People clearly want to increase our Google ranking. I've done this on some projects, here are some initial thoughts.

1. Pick one page to promote

I think qpid.apache.org is the page to promote. The links we create to promote the site should all point to this one page.

2. Decide which Google searches we care about

"Apache Qpid" - given our URL, this is particularly easy
"AMQP", "AMQP C++", "AMQP Python" - we can probably do well on searches like these without too much effort "Enterprise Messaging" - lots and lots of competition here, with long established pages and big marketing departments.

It's best to pick a small number of searches we think people will really do.

3. Create meaningful links to our page from existing, meaningful content

It often works best to have pages lower down all point to a single high level page, and to have as many meaningful links among the pages of the site as is reasonable for human users - Google appreciates these links as well. If the links aren't useful for humans, leave them out. Google tries to do what is right for humans, and they actually punish sites that look like they are playing games to hack Google.

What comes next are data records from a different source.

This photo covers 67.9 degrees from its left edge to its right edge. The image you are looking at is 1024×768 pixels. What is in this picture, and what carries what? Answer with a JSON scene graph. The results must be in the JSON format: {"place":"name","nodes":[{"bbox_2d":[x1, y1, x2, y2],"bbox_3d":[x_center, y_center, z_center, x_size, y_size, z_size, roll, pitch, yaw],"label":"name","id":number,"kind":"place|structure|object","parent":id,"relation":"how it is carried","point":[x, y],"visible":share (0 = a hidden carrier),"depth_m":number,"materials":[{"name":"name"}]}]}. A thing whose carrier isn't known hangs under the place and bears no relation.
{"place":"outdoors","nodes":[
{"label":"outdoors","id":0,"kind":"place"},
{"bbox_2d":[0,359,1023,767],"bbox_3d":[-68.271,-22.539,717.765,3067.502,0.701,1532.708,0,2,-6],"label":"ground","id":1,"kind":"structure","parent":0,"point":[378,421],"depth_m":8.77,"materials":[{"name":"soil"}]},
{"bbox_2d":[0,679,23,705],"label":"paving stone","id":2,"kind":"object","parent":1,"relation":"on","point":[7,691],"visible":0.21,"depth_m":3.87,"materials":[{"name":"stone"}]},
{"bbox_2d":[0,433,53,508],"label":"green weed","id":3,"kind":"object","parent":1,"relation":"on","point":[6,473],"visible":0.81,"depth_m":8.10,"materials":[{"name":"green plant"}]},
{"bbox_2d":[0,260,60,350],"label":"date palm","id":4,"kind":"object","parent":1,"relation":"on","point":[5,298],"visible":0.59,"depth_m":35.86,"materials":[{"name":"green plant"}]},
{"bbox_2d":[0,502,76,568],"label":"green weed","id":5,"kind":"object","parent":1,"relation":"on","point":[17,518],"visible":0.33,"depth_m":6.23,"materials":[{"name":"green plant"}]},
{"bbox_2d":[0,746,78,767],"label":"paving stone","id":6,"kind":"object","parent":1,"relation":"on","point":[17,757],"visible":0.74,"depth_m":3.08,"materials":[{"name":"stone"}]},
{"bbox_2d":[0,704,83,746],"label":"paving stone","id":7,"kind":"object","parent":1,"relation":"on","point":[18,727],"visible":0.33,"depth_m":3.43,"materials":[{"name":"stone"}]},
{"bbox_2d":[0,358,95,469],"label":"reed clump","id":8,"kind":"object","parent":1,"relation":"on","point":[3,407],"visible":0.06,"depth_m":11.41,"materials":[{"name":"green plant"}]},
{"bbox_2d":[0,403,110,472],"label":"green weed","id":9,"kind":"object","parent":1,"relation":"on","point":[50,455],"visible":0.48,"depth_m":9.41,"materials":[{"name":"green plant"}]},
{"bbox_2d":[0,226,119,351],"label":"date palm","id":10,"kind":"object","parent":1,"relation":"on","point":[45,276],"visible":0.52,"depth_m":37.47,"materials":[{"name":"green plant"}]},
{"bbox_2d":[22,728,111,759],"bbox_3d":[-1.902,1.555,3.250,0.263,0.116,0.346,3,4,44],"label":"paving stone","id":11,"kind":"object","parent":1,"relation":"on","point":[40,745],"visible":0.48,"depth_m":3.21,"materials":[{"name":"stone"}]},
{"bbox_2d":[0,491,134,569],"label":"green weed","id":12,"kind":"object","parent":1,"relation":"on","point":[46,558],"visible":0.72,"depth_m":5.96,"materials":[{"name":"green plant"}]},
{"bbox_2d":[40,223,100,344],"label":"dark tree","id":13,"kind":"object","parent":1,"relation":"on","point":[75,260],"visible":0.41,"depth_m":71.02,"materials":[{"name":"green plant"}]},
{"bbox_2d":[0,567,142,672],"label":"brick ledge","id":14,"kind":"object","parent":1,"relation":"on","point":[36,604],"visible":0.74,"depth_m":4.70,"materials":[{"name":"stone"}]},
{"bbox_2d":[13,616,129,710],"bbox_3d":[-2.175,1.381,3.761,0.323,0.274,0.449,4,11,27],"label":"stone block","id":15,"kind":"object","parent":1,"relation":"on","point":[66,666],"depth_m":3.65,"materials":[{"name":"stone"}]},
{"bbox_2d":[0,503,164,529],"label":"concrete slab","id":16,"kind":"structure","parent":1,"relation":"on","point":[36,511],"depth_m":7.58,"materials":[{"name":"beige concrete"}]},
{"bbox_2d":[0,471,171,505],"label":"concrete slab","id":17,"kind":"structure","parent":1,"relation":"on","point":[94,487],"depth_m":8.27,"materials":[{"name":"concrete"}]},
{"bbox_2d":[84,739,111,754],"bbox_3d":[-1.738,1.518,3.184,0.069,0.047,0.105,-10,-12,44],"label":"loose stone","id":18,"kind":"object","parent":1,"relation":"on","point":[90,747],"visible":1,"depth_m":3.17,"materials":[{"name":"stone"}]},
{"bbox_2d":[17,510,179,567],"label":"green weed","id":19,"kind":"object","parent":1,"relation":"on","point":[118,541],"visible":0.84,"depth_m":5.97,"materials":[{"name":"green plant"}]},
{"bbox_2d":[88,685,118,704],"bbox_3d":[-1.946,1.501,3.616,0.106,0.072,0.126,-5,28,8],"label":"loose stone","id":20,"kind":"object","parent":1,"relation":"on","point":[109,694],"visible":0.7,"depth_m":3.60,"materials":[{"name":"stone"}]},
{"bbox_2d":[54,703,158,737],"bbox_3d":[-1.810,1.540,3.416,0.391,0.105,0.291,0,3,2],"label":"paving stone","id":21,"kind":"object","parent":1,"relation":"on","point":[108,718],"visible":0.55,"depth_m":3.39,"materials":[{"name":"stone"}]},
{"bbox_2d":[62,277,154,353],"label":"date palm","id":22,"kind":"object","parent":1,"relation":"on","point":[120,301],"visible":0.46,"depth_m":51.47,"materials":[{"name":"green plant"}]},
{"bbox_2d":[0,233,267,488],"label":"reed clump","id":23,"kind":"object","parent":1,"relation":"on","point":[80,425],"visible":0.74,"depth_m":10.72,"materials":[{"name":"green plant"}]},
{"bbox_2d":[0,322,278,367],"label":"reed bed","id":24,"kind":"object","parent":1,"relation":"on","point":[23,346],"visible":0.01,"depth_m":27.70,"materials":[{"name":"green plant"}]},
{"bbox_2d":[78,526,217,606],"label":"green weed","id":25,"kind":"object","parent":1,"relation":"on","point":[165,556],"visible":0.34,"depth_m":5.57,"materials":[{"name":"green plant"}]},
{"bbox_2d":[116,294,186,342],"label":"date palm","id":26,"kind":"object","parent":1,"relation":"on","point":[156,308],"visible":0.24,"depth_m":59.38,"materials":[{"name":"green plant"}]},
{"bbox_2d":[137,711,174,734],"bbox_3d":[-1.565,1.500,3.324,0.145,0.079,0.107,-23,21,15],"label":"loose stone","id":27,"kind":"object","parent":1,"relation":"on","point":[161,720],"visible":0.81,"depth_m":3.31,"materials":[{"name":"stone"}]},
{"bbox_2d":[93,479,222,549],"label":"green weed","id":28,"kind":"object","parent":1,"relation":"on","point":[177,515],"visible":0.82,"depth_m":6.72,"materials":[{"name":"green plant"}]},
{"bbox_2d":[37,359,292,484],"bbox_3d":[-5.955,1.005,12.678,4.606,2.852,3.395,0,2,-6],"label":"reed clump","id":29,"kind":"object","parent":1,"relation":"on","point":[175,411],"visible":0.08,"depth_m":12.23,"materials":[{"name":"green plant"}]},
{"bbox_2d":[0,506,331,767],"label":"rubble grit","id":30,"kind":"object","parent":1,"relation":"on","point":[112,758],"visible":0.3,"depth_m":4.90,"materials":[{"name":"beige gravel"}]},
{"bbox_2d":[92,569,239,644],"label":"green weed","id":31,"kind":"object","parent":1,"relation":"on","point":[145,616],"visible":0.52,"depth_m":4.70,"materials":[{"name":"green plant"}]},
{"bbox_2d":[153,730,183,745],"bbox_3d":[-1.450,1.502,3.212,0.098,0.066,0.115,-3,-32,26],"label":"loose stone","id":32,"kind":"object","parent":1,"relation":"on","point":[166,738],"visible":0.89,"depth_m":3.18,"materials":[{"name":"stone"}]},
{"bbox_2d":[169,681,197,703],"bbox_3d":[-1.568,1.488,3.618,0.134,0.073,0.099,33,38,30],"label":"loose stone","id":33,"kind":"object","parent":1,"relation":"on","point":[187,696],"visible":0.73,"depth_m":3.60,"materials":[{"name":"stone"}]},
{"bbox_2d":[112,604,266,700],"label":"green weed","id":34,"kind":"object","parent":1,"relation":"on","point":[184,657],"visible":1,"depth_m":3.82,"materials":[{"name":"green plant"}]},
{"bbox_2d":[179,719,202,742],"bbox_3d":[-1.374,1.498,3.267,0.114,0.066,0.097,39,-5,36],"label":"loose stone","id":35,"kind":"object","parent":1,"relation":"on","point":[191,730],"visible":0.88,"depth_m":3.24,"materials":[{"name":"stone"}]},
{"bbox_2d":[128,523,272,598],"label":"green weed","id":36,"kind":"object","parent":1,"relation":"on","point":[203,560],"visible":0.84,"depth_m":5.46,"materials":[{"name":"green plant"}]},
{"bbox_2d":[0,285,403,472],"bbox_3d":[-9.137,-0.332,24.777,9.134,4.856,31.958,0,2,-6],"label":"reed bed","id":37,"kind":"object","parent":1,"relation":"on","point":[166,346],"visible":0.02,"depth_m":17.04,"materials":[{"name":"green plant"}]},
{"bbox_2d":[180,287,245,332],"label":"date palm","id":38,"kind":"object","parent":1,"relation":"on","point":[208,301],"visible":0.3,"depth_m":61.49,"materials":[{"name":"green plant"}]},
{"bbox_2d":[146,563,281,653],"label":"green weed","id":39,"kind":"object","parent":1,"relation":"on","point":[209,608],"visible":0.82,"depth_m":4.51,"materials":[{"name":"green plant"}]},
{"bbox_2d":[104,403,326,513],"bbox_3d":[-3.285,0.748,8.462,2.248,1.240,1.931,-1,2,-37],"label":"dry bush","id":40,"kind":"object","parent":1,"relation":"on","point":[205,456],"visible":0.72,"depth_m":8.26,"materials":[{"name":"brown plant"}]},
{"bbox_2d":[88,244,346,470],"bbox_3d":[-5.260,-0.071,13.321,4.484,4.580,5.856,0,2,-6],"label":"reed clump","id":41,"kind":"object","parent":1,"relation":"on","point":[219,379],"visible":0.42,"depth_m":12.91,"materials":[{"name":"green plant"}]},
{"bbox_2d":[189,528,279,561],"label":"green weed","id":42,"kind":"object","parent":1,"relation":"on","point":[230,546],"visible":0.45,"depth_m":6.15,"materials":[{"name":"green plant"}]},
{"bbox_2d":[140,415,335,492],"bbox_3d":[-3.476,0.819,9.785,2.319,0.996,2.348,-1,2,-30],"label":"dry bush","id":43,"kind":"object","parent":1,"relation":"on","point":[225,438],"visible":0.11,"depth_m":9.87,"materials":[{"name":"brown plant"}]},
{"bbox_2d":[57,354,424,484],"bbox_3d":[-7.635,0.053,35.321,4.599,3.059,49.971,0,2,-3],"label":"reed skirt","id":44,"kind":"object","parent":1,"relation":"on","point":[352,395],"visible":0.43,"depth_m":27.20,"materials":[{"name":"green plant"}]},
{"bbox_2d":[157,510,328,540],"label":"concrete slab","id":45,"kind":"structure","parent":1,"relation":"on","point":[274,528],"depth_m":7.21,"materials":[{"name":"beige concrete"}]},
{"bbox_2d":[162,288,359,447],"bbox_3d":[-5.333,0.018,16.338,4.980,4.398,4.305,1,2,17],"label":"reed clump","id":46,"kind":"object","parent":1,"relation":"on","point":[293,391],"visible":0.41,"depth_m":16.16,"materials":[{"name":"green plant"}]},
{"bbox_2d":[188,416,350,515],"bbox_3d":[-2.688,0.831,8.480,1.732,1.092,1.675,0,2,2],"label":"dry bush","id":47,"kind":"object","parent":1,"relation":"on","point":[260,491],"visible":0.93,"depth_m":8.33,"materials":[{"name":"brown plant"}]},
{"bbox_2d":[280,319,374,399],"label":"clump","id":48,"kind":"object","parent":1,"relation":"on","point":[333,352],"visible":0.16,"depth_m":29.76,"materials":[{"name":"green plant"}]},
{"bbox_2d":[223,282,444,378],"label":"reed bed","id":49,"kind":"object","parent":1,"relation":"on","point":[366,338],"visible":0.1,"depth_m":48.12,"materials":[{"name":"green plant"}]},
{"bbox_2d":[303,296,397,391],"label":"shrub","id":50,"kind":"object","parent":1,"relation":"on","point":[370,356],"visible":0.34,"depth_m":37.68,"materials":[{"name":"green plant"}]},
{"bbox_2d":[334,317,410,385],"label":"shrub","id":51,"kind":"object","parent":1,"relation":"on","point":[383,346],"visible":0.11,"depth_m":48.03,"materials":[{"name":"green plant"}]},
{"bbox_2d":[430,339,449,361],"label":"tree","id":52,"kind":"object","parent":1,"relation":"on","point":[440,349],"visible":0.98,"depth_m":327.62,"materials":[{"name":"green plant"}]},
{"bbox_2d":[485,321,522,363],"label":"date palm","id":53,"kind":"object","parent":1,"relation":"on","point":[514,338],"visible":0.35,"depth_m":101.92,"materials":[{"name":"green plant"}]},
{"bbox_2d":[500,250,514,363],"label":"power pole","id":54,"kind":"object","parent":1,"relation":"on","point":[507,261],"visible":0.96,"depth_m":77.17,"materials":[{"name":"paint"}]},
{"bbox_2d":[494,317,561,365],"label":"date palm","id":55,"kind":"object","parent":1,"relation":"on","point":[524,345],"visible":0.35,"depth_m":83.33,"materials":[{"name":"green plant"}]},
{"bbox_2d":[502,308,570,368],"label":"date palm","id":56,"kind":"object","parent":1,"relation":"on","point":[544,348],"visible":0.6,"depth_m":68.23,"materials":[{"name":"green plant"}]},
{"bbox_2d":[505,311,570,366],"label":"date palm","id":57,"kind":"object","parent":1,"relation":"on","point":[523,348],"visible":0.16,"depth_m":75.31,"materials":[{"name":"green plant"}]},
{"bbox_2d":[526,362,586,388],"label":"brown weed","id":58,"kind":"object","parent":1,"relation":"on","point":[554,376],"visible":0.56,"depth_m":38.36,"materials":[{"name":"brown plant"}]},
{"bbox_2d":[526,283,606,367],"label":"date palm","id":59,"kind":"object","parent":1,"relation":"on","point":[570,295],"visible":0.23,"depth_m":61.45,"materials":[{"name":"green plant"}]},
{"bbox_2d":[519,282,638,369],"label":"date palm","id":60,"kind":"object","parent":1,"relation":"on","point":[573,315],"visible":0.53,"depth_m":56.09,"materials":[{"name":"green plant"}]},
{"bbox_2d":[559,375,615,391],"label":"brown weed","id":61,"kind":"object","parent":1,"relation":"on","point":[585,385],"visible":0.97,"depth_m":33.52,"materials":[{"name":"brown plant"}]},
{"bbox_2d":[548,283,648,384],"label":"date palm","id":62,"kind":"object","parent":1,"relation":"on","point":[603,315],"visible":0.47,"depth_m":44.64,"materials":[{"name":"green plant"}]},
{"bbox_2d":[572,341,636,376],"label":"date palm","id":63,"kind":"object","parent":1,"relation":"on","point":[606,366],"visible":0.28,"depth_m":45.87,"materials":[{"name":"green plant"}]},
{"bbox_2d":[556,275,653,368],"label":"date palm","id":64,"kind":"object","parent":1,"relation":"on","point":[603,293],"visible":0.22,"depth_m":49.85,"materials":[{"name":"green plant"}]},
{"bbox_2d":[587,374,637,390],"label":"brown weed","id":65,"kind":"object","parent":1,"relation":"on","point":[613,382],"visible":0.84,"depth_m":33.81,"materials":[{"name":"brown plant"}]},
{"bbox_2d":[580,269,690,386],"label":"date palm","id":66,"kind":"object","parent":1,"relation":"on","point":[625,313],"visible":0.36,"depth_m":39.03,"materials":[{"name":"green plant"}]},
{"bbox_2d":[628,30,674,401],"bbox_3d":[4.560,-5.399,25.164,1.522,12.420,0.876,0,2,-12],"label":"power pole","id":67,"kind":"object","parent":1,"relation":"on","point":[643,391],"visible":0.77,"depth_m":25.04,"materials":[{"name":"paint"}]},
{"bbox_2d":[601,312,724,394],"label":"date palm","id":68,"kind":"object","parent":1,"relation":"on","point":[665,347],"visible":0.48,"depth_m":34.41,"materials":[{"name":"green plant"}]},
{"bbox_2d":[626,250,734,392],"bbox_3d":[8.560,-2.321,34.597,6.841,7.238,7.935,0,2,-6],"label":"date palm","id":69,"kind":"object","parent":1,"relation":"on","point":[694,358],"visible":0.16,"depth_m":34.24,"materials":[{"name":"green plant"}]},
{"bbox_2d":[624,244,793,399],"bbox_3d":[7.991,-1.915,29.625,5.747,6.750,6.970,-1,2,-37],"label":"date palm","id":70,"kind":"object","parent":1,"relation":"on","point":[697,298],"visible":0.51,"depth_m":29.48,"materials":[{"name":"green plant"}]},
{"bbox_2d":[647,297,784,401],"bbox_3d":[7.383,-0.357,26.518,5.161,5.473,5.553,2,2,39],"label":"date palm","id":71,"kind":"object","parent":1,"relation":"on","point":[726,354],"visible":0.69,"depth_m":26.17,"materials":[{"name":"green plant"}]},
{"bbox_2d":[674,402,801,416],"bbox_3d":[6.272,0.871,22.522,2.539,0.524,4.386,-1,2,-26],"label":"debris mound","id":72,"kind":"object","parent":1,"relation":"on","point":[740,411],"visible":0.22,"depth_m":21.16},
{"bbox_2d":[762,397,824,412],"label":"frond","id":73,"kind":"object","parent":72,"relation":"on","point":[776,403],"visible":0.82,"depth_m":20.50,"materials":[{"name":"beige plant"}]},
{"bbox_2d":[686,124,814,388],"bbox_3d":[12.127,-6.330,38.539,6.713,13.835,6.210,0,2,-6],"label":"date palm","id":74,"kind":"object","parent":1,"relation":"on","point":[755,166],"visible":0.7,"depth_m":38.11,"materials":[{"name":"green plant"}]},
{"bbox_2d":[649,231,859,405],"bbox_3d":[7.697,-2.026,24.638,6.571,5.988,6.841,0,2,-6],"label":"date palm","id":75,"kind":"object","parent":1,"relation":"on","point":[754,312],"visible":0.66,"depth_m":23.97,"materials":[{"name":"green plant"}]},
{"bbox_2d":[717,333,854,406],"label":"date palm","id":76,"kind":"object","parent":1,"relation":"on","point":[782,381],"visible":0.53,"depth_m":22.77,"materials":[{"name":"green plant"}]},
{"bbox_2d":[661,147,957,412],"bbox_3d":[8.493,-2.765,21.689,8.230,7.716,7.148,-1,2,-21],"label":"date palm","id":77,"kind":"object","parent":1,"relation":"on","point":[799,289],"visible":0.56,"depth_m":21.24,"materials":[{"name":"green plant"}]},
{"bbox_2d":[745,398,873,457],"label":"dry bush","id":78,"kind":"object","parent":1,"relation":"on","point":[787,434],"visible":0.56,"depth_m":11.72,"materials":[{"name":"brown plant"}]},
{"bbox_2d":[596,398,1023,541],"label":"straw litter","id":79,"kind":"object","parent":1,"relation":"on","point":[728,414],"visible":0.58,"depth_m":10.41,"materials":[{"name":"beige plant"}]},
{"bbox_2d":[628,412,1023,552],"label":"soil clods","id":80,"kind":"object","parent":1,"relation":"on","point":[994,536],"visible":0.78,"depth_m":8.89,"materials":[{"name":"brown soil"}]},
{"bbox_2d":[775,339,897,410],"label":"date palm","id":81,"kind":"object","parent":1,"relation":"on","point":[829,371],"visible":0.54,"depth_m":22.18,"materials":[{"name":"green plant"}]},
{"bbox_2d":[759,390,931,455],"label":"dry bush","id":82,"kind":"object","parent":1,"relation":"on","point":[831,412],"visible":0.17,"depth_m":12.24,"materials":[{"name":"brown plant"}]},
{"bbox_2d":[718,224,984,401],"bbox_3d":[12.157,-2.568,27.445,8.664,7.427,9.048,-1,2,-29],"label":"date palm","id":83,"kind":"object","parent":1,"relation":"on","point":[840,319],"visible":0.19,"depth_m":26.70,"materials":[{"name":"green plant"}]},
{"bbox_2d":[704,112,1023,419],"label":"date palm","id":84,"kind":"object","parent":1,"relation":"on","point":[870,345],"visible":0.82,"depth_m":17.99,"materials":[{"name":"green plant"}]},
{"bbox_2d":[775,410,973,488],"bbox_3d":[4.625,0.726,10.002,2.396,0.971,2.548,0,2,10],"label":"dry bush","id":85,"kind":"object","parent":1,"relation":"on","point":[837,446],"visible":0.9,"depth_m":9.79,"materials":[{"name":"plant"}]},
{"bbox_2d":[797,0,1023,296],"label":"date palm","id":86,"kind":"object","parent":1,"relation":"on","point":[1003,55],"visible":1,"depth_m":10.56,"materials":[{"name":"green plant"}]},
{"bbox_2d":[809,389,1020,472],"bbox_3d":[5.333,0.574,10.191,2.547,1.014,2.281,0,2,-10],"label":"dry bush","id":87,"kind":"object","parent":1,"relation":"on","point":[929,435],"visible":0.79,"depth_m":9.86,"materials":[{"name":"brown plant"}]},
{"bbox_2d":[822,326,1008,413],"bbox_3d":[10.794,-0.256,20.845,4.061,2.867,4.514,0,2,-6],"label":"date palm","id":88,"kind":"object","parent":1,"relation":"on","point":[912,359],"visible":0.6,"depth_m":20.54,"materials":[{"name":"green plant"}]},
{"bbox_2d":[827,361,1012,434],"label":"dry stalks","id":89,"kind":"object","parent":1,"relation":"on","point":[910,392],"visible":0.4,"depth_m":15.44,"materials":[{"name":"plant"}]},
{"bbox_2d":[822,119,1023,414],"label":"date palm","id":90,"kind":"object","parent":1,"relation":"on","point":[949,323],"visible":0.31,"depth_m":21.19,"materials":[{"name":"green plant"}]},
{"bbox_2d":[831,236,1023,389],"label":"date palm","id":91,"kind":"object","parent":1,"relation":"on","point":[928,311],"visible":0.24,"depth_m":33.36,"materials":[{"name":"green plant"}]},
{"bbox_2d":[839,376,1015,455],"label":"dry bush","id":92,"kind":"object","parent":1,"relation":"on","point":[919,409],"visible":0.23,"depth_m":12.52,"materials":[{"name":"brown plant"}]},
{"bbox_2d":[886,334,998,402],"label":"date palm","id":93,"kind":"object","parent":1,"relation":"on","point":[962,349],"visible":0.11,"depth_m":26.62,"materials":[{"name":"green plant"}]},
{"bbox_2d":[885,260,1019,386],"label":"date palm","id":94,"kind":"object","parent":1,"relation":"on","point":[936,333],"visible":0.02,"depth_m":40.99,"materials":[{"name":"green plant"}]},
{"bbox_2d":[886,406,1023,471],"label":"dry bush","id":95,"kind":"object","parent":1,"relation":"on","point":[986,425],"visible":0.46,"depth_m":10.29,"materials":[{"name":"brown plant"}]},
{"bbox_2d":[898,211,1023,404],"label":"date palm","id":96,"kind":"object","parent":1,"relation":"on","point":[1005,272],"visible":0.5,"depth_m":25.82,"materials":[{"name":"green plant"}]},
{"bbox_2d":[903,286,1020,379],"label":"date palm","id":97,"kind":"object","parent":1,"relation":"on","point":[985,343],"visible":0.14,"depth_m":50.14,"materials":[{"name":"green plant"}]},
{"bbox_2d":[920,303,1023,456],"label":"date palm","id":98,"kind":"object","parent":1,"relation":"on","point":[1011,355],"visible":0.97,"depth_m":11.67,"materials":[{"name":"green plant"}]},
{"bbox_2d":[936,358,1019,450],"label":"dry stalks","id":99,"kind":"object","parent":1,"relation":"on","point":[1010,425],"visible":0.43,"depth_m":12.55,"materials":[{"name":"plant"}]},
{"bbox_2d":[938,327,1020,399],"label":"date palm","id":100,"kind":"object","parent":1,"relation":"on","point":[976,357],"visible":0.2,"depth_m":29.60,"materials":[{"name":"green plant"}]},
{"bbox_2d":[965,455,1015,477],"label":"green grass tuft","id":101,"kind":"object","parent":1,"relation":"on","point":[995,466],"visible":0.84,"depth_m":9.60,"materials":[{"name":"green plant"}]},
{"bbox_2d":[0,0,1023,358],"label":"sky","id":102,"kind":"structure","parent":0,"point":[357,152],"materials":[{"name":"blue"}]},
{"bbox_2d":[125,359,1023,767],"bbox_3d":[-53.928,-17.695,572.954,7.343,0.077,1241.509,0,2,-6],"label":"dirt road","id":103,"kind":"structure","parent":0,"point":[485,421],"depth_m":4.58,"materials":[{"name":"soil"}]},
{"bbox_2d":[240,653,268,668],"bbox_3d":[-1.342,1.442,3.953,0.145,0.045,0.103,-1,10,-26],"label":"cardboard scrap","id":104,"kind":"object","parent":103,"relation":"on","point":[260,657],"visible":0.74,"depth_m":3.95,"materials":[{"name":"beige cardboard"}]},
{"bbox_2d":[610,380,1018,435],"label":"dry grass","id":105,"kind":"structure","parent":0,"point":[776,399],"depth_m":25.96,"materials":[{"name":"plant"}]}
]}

Google likes links from content clearly related to the search term, to content clearly related to the search term, where the link seems to make sense. Tightly linked clusters of pages tend to do best on this. We want these links to leverage the search terms in text, titles, or directory names.

3. a. Doxygen

As a first step, I've modified the headers for C++ Doxygen so that it (1) links to the Qpid home page, and (2) uses the term AMQP in the link. I'll check this in soon, and we can add this to our site.

3.b. Mailing list archives

We could also add similar links to the html generated for our mailing list archives, so that a header or a footer in each message, or perhaps each table of contents page, or both, points to the home page.

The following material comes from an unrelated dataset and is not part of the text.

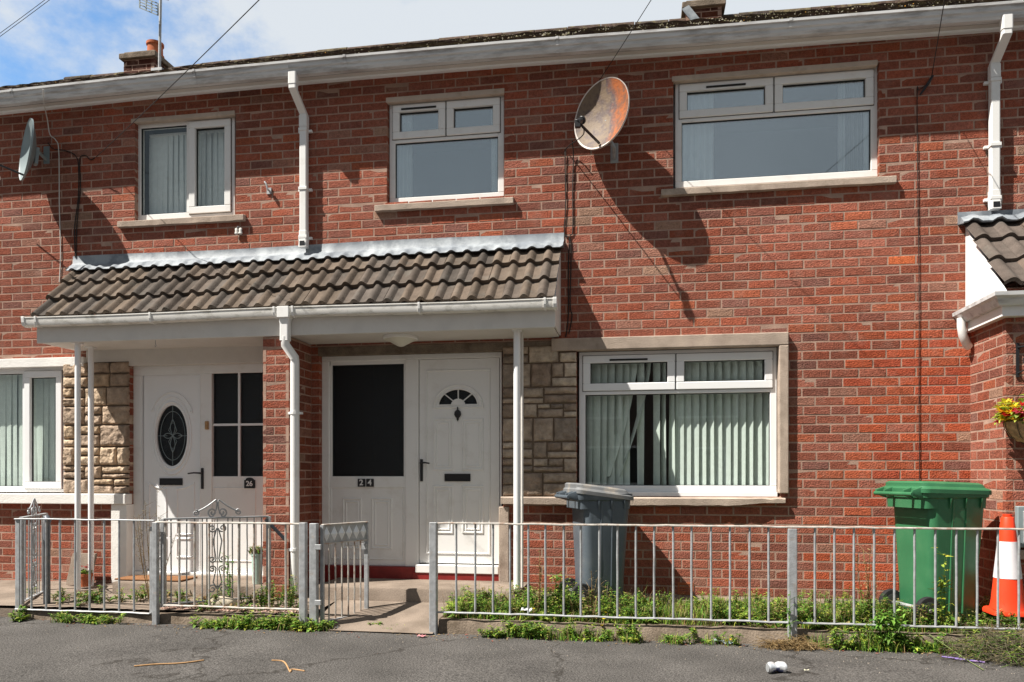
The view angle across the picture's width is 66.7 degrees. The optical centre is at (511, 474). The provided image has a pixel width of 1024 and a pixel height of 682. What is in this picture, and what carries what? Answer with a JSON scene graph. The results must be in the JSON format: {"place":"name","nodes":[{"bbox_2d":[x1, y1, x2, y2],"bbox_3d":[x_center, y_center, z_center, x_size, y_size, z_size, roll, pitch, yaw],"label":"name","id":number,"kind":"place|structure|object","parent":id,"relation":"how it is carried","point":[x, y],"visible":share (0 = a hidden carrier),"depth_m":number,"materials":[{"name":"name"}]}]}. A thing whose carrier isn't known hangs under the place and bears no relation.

If anyone wants to put links to the qpid home page in signatures they use to post to other lists, that's great too. Especially if you post to lists related to AMQP, that will convince Google that we're interesting.

3.c. Pydoc

I'll be generating html for pydoc, and I'll see about putting links into these as well.

3.d. Wiki pages

Headers and footers on Wiki pages would also be useful. Again, there are a lot of pages with the right content, we want it pointing to us.

Other low hanging fruit?

4. Avoid trying to hack Google!

If Google thinks you are trying to hack them, they can actually throw you out altogether for a period of time, and your pages will take a long time to recover from that. Use meaningful, reasonable links.

5. Be patient

It takes time to see how well your optimizations are working. At least days or weeks to see early results, months to rise to more choice positions. Google reranks things slowly to discourage lots of hacking.